Unfolded proteins, because these have a smaller diameter and the translocon is very small. Therefore chaperones are used to un- and refold proteins.
What is co- and posttranslational processing of proteins that will translocate through the membrane?
- Posttranslational processing → protein is synthesized and binds to chaperones before it will translocate to the membrane.
- Co-translational processing → ribosome moves and binds to the membrane while the protein is being synthesized and is then translocated through the membrane.
Note: co-translational processing occurs the most.
What determines where the ribosomes will synthesize their proteins?
The signal sequence of the mRNA. If it contains the signal sequence for the E.R. (with the hydrophobic core), the ribosomes will translate the mRNA as a co-translational process.
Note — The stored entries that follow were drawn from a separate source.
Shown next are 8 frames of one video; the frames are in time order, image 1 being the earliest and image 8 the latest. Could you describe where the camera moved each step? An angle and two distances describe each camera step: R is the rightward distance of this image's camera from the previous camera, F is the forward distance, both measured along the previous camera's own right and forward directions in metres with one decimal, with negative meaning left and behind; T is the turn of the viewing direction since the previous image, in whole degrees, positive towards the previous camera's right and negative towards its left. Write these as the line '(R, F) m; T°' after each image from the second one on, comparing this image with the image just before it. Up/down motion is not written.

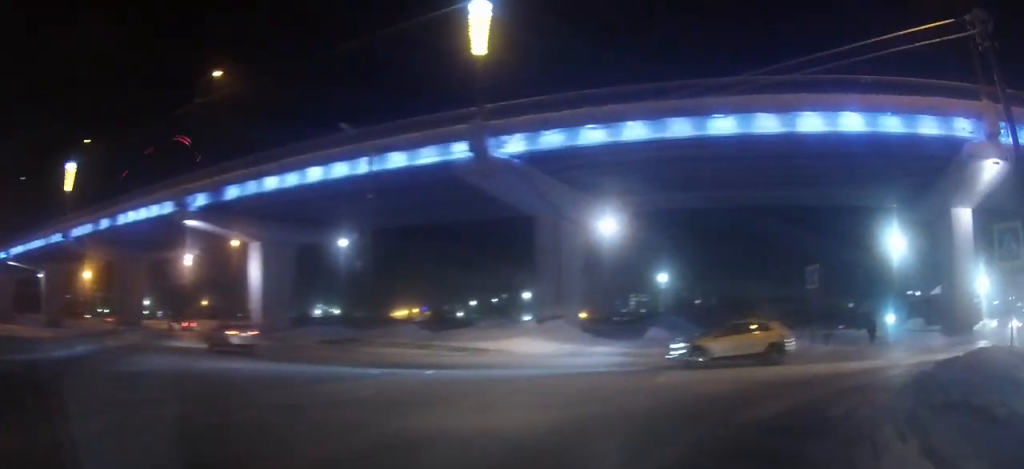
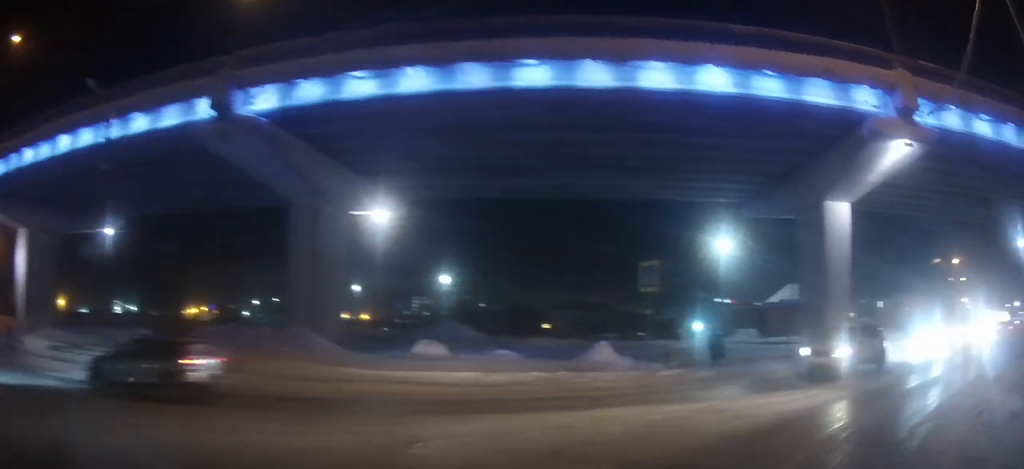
(+1.2, +6.8) m; +23°
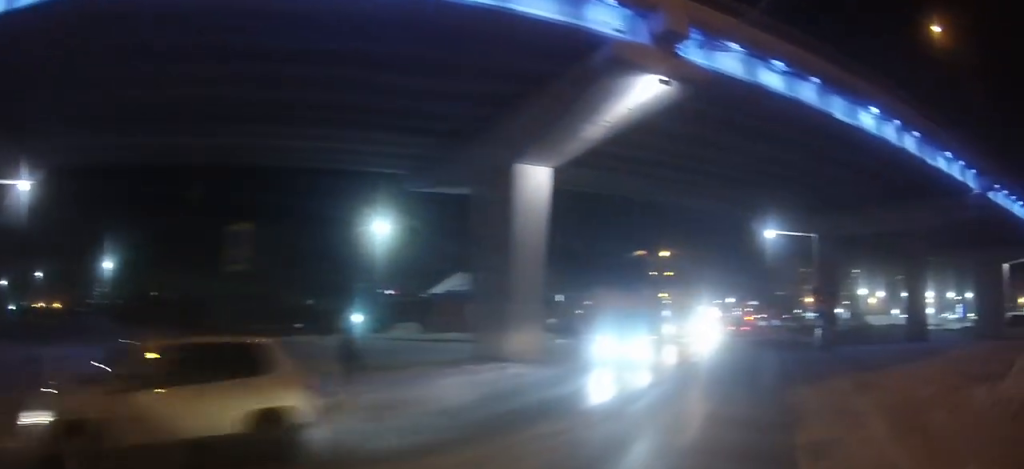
(+1.5, +6.7) m; +29°
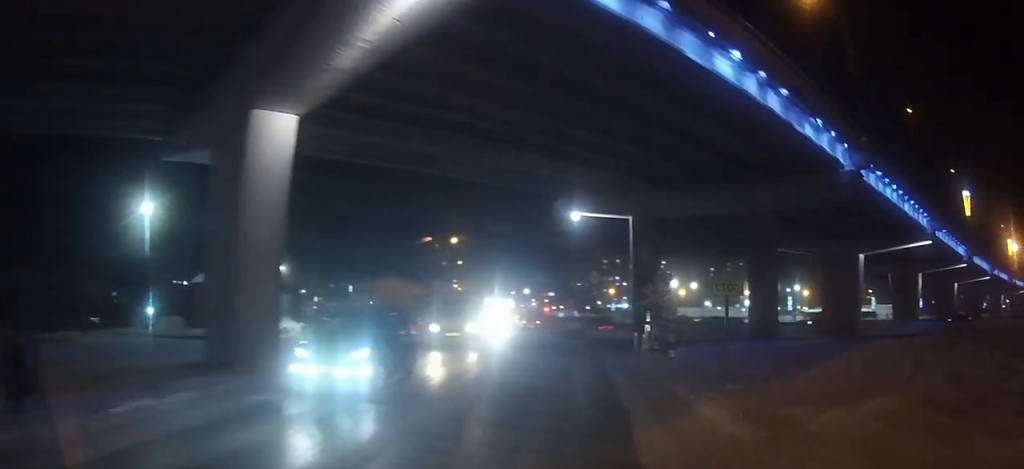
(+1.1, +5.4) m; +16°
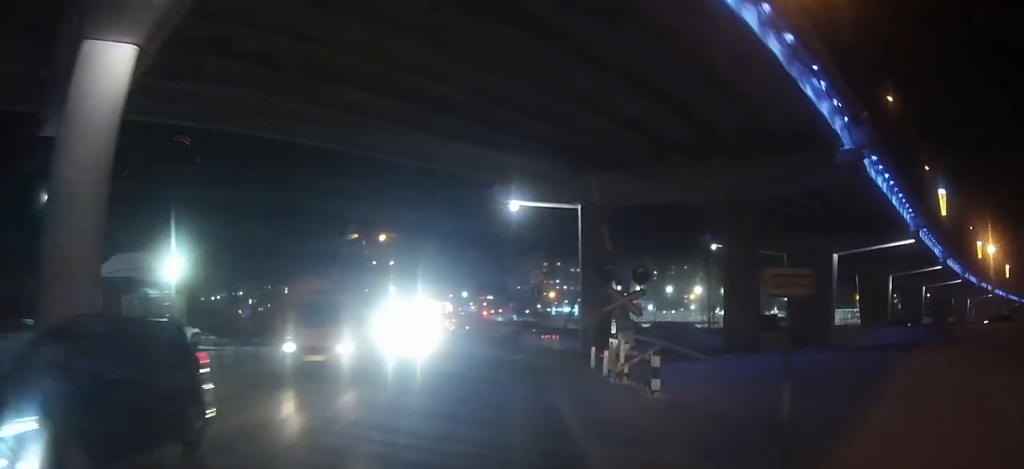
(+0.4, +5.4) m; +5°
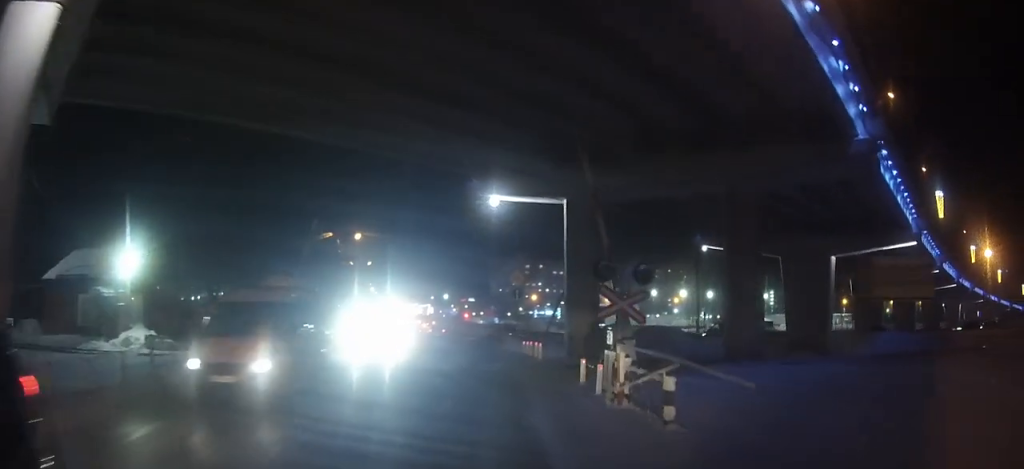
(0.0, +2.4) m; +1°
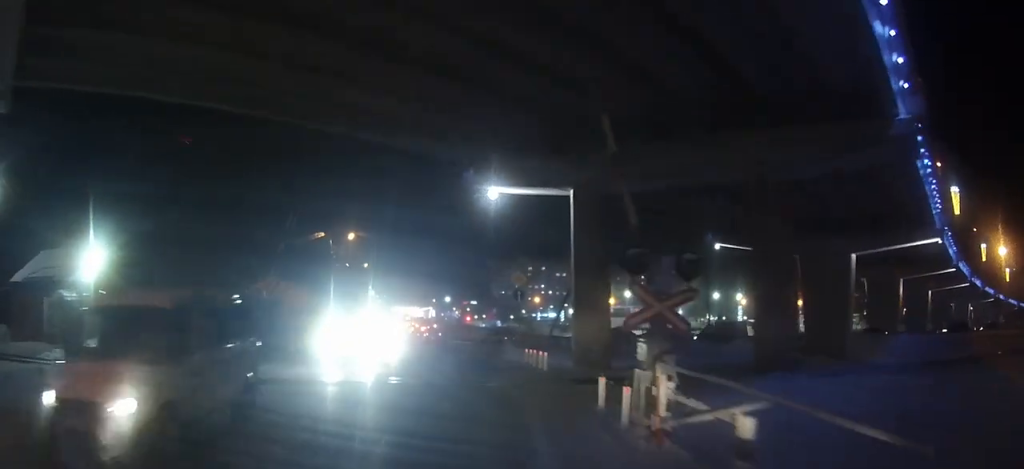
(0.0, +2.8) m; +1°
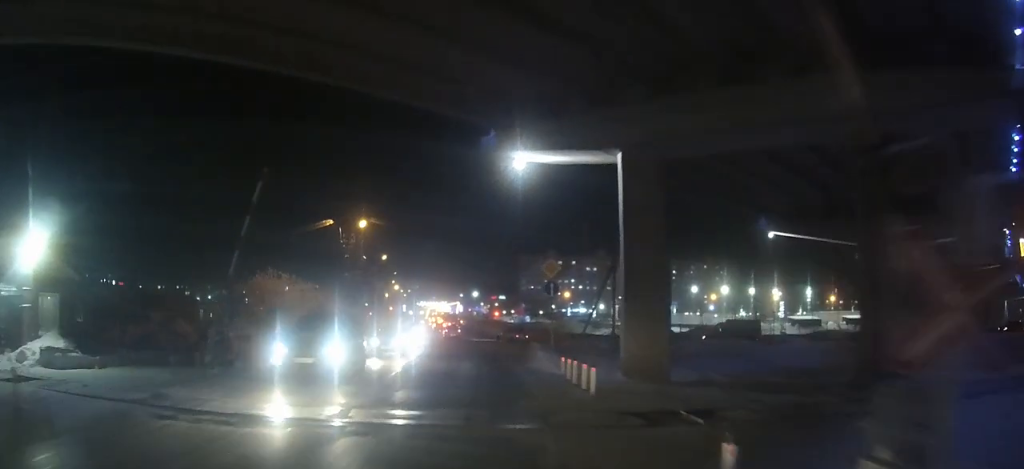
(+0.1, +5.2) m; -3°

- Describe the free ribosome cycle.
- Describe the membrane-bound ribosome cycle.
- There are free ribosomes in the cytosol (free polyribosome) that synthesize proteins that are needed for the cytosol (and thus contain a signal sequence for the cytosol).
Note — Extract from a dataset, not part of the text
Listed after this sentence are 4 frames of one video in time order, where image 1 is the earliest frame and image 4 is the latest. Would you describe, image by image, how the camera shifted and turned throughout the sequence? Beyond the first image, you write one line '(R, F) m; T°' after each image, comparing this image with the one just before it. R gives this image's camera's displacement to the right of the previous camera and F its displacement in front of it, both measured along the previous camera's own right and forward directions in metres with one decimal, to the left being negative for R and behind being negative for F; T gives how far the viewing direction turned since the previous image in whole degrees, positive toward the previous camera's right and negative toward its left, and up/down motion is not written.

Therefore in the cytosol, there’s a common pool of ribosomal subunits.
- This pool of ribosomal subunits can be used to synthesize proteins that are translocated to the E.R. Here the E.R. signal sequence is recognized by the ribosomes and Signal Recognition Particle (SRP) machinery. The mRNA is then translated on the membrane (cotranslational processing).
How does the SRP machinery stimulate cotranslational processing of proteins?
When the ribosome binds mRNA containing an E.R. signal sequence, this complex will bind to the SRP machinery. This stops further synthesis of the protein. The complex will search for the SRP receptor, which is close to a translocon. The SRP machinery gets released and protein synthesis is continued → co-translational processing.
Why do we study membrane proteins?
- 30% of all sequenced genes encode membrane proteins.
- Membrane proteins are involved in vital cellular processes (signal transduction, communication, transport).
- 70% of drug targets are membrane proteins.
- Many diseases exist due to compromised folding/processing of membrane proteins (Cystic Fibrosis, Alzheimer).
- Very few high-resolution structures are available.
Why do we use E. coli as model organism?
- Targeting and insertion of membrane proteins are conserved, so also present in humans.
- E. coli’s genetics are accessible for manipulation.
- In vitro assays for transcription/translation/insertion are possible.
- Widely used as host for membrane protein overexpression.
What differences and similarities are there between post- and co-translational processing of proteins?
- Difference → post-translational processing uses chaperones, while co-translational processing uses SRP machinery.
- Similarity → both use a translocon.
What differences is there in post- and co-translational processing of proteins between eukaryotes and prokaryotes?
Prokaryotes have two membranes (inner- and outer membrane), so sometimes proteins need to pass two membranes.
So the signal peptide sequence determines whether a protein is synthesized via post- or co-translational processing.
What happens when the signal peptide is strongly hydrophobic? And what happens when it is less hydrophobic?
- Stronlgy hydrophobic → co-translation processing. SRP machinery has a high affinity for signal sequences with a strong hydrophobic core. This makes sense, since membrane proteins need strongly hydrophobic proteins.
- Less hydrophobic → post-translational processing.
Describe the characteristics of the SRP machinery.
SRP consists of a large RNA molecule (scaffold) with 6 proteins arranged on it. The proteins all have different functions important for the total SRP machinery function.
- One protein binds to the signal sequence peptide.
- Some proteins are important in the arrest of translation.
- One protein is able to bind to an elongation factor binding site on the ribosome.
The SRP machinery can change conformation depending on the contact it has with other molecules. What molecules?
- Binding of the signal peptide induces a conformational change.
- This is governed by GTP binding and hydrolysis.